- _DATA IN THIS EXERCISE_:
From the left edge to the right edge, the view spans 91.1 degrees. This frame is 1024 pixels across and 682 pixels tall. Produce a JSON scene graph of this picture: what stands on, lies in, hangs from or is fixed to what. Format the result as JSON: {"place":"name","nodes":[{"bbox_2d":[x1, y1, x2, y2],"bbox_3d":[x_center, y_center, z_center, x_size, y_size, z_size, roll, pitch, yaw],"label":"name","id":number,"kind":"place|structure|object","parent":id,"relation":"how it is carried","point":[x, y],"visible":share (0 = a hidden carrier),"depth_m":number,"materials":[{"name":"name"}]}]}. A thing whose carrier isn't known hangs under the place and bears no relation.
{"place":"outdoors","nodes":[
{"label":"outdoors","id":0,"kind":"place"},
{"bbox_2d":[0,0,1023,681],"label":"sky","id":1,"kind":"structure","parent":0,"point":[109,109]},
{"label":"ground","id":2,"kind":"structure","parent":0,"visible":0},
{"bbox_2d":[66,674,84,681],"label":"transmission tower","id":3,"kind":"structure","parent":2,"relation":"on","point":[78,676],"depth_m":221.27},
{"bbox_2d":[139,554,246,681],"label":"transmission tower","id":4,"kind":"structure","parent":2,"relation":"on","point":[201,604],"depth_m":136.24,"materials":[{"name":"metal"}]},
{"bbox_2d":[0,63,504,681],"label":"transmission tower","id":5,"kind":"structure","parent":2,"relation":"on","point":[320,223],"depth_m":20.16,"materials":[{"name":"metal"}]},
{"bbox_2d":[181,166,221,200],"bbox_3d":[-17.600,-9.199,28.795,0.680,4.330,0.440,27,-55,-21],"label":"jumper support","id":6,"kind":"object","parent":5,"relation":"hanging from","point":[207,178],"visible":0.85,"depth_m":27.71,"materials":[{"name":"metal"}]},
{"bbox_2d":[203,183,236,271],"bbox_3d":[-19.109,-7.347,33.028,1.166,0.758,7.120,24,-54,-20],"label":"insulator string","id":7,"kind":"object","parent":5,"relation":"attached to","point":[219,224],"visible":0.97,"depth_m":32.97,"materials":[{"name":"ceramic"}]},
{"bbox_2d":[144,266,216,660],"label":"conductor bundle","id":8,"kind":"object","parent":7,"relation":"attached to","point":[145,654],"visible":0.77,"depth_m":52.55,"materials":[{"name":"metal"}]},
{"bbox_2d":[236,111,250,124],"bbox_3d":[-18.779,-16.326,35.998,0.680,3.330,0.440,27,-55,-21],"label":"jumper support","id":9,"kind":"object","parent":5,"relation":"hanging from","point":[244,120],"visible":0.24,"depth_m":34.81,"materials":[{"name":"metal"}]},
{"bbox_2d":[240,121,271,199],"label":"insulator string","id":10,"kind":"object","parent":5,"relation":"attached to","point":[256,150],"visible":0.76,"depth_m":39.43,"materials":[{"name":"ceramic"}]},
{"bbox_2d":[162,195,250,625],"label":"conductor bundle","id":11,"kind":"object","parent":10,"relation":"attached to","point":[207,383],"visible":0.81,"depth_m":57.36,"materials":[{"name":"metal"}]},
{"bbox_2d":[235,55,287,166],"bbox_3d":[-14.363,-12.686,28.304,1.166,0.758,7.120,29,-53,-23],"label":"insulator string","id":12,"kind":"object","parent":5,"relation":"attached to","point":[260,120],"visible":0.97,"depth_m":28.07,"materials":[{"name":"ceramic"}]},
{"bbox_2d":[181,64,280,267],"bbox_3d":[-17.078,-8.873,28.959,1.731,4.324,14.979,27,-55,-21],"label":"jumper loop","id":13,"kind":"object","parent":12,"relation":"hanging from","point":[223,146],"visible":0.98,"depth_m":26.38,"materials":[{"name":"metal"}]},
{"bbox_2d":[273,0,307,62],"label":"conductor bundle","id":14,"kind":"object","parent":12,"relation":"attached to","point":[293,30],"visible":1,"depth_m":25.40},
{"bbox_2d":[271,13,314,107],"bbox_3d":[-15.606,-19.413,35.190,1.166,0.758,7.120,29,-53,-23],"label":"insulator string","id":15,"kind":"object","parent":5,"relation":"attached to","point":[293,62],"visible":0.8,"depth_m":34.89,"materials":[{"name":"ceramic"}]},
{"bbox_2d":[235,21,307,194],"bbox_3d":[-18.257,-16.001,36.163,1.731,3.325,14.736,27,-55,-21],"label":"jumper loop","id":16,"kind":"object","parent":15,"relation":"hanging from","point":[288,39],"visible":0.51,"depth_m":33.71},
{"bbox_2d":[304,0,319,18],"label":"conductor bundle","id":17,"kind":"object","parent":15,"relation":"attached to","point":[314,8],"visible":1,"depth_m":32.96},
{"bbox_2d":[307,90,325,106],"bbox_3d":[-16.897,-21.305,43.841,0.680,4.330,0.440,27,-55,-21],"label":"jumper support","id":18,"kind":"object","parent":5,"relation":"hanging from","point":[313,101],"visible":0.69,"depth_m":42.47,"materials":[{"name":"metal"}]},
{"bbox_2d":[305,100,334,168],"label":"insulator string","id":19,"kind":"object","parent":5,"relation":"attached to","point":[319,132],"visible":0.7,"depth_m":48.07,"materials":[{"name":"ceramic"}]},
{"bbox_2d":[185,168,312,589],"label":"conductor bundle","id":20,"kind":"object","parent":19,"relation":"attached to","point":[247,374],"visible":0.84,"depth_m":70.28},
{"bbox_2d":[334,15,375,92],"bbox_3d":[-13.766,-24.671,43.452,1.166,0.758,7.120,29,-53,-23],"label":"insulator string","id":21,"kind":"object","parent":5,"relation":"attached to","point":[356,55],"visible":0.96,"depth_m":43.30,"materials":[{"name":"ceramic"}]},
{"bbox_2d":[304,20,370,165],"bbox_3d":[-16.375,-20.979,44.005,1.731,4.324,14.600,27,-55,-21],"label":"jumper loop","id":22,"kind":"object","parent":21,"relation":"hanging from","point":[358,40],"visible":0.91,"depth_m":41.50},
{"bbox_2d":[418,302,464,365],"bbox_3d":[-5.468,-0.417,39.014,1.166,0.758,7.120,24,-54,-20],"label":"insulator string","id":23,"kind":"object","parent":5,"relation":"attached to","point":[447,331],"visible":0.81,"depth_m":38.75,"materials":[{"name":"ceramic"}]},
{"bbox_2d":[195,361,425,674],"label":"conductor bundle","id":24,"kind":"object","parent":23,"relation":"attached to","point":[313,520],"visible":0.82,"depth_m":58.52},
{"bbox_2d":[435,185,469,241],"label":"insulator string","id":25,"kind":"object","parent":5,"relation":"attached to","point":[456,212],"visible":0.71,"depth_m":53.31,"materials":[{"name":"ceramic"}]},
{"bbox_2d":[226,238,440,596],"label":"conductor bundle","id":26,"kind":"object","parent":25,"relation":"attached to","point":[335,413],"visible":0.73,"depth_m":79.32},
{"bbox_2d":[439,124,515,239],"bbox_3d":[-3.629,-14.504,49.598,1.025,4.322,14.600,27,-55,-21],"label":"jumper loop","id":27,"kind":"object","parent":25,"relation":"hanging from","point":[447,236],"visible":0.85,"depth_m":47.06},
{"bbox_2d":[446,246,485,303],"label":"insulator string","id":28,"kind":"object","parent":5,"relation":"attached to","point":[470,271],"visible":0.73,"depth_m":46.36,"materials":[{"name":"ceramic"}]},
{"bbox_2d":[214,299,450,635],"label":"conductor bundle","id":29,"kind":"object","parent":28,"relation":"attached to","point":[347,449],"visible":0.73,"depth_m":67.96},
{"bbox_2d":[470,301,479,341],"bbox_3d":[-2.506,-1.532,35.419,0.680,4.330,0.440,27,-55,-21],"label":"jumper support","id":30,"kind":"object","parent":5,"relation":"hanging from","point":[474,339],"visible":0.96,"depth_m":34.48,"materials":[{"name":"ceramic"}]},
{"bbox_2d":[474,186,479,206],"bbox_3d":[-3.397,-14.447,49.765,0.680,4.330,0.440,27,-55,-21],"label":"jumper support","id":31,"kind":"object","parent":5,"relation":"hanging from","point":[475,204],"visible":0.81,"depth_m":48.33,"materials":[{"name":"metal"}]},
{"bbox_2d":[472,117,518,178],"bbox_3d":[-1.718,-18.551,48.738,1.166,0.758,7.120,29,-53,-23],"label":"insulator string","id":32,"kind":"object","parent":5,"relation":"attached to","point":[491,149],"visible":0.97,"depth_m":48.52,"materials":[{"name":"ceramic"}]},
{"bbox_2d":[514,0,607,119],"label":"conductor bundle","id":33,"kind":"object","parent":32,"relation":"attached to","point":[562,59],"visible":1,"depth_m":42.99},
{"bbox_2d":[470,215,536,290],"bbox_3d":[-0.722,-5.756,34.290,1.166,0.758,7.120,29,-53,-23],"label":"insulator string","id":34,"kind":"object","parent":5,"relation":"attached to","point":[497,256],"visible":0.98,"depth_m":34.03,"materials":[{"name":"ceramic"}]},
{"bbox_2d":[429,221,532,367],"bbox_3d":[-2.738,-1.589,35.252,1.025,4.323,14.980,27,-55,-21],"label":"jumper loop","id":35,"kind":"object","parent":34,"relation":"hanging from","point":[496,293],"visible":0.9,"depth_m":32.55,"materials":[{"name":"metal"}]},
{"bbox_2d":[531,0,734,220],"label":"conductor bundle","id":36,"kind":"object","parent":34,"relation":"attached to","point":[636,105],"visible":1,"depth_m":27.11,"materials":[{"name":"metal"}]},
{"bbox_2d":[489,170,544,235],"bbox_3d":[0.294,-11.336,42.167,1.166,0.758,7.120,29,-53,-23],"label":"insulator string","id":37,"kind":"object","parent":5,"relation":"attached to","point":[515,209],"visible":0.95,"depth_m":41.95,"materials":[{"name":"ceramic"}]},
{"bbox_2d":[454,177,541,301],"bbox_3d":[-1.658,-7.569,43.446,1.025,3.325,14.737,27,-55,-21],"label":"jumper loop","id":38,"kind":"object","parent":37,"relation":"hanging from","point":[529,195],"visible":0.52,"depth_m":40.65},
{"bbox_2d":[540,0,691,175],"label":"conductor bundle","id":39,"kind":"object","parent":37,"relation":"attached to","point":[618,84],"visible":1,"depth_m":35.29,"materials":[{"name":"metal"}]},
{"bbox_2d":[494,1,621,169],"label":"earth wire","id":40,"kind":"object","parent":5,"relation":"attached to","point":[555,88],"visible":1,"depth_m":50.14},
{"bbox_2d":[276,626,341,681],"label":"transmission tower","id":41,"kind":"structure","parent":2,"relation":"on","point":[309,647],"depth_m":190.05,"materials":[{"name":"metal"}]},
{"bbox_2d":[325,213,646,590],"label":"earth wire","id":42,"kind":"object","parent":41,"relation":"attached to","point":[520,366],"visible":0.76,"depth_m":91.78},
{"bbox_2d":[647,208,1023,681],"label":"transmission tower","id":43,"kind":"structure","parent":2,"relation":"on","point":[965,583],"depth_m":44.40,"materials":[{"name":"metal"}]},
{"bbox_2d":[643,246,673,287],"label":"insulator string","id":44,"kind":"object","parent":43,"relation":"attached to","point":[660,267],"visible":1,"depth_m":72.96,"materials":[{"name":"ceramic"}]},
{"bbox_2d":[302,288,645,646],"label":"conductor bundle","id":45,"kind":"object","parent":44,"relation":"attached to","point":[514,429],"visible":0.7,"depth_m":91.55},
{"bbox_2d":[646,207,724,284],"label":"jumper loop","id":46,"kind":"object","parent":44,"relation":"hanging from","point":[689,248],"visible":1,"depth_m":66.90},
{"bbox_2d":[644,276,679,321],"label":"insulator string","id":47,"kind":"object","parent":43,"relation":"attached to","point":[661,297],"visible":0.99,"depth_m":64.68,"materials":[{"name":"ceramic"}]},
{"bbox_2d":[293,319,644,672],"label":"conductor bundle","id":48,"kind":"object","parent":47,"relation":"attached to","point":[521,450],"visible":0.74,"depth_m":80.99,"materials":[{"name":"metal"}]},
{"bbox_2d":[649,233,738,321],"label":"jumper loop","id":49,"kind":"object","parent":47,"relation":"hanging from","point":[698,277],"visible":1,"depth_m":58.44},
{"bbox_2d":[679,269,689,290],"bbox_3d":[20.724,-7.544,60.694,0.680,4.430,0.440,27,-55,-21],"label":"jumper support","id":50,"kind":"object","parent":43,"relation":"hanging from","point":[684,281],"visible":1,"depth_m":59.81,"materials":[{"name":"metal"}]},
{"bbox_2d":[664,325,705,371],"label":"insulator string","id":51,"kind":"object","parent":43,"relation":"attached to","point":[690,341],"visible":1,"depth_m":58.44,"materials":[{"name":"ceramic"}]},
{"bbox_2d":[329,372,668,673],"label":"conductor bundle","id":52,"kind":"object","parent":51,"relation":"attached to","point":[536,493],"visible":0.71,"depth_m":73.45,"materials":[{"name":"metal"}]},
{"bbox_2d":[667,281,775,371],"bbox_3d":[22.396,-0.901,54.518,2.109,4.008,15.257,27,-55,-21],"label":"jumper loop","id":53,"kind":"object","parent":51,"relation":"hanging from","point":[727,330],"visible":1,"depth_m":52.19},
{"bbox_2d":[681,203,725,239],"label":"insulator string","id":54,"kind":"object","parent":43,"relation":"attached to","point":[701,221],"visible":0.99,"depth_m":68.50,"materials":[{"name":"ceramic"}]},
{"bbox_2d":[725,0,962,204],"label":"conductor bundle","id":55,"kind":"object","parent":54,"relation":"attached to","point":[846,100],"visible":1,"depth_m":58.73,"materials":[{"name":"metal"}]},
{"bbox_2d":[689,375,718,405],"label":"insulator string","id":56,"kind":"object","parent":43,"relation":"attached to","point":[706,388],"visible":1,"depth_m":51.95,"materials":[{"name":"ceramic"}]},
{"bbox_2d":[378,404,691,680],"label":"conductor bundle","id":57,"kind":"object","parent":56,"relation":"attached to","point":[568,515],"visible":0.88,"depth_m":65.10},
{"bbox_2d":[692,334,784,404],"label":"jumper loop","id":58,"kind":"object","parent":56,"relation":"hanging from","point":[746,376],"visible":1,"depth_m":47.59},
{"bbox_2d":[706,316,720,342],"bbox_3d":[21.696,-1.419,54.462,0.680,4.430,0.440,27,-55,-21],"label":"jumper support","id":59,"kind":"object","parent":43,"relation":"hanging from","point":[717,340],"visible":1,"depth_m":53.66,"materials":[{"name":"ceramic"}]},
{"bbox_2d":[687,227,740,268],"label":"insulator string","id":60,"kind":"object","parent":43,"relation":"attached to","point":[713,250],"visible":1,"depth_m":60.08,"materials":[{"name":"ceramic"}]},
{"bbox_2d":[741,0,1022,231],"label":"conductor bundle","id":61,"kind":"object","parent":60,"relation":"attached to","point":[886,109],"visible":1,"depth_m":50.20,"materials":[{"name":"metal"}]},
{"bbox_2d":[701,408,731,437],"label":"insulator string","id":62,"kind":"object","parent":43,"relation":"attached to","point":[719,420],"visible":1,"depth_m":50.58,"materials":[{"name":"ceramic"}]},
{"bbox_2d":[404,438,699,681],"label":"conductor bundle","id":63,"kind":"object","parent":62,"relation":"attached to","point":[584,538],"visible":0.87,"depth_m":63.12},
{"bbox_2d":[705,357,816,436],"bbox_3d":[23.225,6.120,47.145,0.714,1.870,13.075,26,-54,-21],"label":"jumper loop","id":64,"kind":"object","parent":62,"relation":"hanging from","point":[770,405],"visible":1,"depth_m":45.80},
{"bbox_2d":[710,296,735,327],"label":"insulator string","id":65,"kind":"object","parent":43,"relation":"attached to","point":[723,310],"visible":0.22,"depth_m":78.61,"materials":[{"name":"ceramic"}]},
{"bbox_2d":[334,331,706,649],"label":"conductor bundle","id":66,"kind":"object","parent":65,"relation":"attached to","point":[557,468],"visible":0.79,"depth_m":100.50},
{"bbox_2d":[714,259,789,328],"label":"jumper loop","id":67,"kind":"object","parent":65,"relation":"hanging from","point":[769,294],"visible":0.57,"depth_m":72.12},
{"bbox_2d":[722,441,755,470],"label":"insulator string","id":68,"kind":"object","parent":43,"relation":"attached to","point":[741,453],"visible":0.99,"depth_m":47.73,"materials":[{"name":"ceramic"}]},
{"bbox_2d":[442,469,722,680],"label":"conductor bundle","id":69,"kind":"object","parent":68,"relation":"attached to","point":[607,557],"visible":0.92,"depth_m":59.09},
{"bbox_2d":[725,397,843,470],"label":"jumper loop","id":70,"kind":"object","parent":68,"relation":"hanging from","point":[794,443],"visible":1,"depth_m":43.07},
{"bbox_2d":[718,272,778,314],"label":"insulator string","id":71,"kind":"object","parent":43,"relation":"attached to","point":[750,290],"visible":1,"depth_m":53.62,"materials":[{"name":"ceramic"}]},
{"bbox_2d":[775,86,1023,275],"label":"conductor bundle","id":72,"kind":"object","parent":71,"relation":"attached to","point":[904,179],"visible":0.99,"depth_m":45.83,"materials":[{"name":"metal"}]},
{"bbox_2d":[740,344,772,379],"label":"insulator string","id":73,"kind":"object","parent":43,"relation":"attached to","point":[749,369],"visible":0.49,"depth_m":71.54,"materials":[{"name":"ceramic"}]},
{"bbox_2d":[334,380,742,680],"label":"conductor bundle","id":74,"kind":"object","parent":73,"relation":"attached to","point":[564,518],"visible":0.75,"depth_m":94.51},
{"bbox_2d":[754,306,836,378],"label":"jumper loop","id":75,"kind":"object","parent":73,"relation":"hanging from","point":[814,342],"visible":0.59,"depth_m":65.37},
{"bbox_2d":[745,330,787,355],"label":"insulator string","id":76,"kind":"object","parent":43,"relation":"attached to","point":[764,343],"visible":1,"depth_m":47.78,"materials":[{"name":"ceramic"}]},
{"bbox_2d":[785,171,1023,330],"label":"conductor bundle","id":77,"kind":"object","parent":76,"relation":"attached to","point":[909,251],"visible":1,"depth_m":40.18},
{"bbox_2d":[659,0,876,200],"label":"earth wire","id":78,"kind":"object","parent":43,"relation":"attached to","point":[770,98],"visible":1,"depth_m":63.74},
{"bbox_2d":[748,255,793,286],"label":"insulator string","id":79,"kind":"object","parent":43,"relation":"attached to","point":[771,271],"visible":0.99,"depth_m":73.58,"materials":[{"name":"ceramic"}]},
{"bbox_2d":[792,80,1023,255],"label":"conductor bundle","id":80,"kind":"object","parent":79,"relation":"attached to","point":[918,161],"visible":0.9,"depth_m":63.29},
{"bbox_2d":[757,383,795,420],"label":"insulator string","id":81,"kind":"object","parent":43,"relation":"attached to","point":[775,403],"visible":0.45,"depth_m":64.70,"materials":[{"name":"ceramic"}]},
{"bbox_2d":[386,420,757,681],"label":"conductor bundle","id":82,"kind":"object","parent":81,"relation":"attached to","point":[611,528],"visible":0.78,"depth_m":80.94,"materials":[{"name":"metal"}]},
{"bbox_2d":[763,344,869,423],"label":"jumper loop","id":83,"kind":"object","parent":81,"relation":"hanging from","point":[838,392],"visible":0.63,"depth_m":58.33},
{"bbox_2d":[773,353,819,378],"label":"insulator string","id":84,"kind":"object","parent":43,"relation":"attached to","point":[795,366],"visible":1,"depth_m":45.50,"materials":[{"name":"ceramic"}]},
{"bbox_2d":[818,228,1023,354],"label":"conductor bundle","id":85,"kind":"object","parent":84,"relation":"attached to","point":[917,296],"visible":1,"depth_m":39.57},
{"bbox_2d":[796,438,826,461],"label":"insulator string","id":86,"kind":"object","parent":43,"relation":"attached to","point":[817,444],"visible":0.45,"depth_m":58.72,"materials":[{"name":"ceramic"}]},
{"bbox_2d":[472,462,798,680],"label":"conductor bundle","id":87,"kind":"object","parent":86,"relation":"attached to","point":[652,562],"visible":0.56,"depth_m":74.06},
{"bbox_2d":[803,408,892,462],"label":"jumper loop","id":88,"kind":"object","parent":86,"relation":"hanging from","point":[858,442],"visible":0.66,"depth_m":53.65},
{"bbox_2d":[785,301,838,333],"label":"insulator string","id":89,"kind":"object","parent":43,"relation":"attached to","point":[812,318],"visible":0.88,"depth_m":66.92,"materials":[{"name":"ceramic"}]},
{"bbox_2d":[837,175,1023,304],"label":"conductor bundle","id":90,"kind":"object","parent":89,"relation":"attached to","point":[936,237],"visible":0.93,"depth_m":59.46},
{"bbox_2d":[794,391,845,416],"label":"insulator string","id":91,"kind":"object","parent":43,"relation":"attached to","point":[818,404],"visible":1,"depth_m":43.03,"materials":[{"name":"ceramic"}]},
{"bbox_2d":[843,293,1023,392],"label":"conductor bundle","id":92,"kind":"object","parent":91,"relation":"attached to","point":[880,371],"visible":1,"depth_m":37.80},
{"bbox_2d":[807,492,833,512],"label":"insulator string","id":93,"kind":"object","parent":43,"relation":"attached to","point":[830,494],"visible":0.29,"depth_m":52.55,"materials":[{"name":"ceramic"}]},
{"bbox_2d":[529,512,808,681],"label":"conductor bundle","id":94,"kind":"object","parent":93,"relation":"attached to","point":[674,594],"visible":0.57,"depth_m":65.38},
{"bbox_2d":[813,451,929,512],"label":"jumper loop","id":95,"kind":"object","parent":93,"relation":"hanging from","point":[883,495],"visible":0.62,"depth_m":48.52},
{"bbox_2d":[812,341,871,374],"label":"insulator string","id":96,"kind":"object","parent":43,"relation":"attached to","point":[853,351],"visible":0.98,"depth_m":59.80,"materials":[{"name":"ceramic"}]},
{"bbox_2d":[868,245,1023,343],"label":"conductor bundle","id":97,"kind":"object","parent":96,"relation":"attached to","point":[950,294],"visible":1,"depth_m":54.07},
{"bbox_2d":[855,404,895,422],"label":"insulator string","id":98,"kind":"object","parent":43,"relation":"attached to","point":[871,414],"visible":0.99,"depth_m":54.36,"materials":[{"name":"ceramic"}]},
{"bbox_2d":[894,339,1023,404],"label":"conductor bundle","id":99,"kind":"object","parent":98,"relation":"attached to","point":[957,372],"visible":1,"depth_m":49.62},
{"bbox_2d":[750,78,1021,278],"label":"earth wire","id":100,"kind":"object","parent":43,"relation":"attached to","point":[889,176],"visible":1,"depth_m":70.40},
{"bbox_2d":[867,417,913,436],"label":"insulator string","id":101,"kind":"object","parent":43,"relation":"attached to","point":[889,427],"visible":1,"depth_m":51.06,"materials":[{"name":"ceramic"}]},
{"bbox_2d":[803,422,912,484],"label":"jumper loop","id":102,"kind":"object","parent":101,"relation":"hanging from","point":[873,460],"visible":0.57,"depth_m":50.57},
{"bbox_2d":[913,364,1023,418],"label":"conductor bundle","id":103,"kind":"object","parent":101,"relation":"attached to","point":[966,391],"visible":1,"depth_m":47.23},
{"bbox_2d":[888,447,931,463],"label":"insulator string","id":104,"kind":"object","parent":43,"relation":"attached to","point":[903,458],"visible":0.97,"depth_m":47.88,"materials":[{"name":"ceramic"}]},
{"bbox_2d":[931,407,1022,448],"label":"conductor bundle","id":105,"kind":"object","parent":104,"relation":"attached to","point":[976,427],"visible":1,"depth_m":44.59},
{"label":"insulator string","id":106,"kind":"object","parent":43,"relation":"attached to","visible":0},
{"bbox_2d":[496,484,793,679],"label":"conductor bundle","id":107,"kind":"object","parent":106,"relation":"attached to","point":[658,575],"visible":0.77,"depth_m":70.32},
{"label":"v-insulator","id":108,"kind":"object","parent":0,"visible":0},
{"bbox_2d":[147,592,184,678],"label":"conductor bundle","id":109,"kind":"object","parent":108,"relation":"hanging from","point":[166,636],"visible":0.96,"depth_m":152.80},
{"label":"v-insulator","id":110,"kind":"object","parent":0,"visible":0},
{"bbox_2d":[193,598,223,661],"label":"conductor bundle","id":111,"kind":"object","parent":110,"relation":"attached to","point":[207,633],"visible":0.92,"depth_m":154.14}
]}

- _WHAT YOU SHOULD DO_:
Make a copy of each line in the records above that has the word "outdoors".

- _SOLUTION TO THE EXERCISE_:
{"place":"outdoors","nodes":[
{"label":"outdoors","id":0,"kind":"place"},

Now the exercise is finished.